Keep writing the best book you can even when you are selling your other books because it is the smart thing to do. Any successful Indie author will tell you the same thing. Write a good book, make it professional, publish it, and then as soon as you can move on to writing the next one. If readers like your work, they will devour what you wrote and demand more. You will hear from them on your social media sites or via email asking for the next and the next and the next. Stay excited about what you are doing. Treat writing like it is your job and it will become your job if the book is good, not just an inspired hobby.
#6 Be patient about your earnings
My first sales were $35. Ten months, nine books published, and now I'm finally making a modest living and paying most of my bills with my earnings. I'm not drinking champagne and buying sports cars, but I'm also not getting dressed at seven to head to the office either. For me this is about perspective. People talk about Amanda Hocking or John Locke as if their success happened overnight. It didn't. They put in their writing time, wrote books that people bought, and worked hard to get where they are now. My guess is even the most amazing authors hit this point and were simply grateful about how good it is to be living the writer's life period. At seven in the morning, I'm getting a cup a coffee, checking emails, and talking to my readers on Facebook. Or I'm looking over what I wrote yesterday. Or writing madly trying to get out what I woke up thinking about. Everything beyond this point of my journey will feel extraordinary.
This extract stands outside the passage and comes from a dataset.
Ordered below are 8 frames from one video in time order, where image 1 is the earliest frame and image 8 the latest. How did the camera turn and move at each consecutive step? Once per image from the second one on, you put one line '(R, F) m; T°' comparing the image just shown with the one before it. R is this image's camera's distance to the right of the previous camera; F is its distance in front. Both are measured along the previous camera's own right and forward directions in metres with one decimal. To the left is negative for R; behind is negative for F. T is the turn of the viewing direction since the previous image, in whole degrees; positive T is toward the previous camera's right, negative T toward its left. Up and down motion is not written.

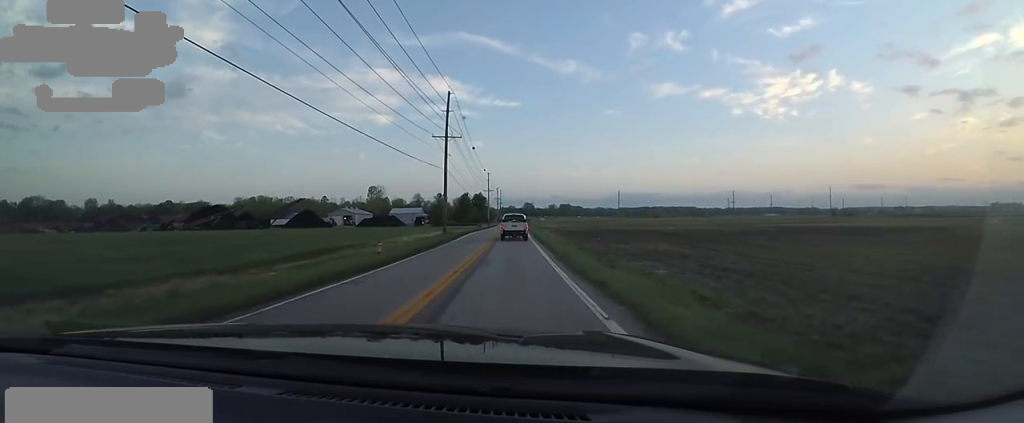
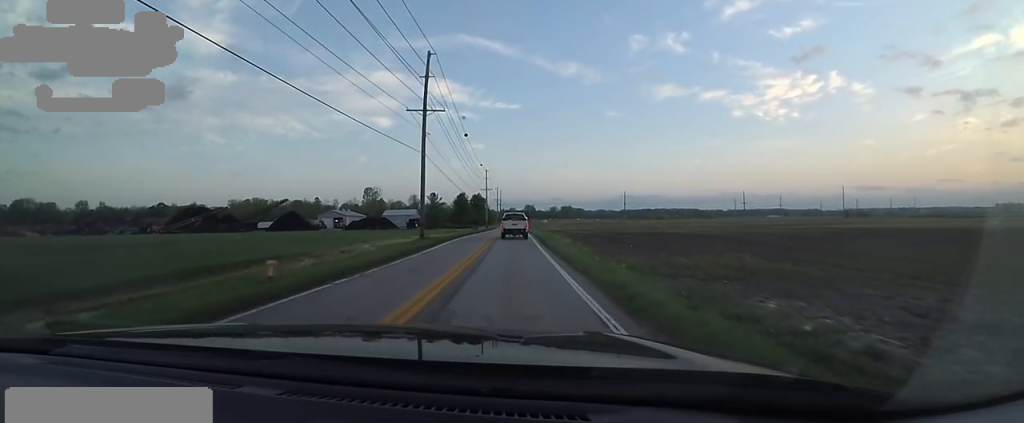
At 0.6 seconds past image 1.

A writer friend shared that she made $27,000 in two weeks on her second book. Yet another is making on her sales of two books every month what I make on my nine. There is definitely magic in this business and it belongs to the readers much more than to writers. Finding your readers is a challenge. Keeping them interested is a challenge. And success is a combination of factors that makes your readers happy and willing to buy your future books. You have the find the right combination for you and your work.
And you have to be patient and keep writing new books while you work on selling existing ones.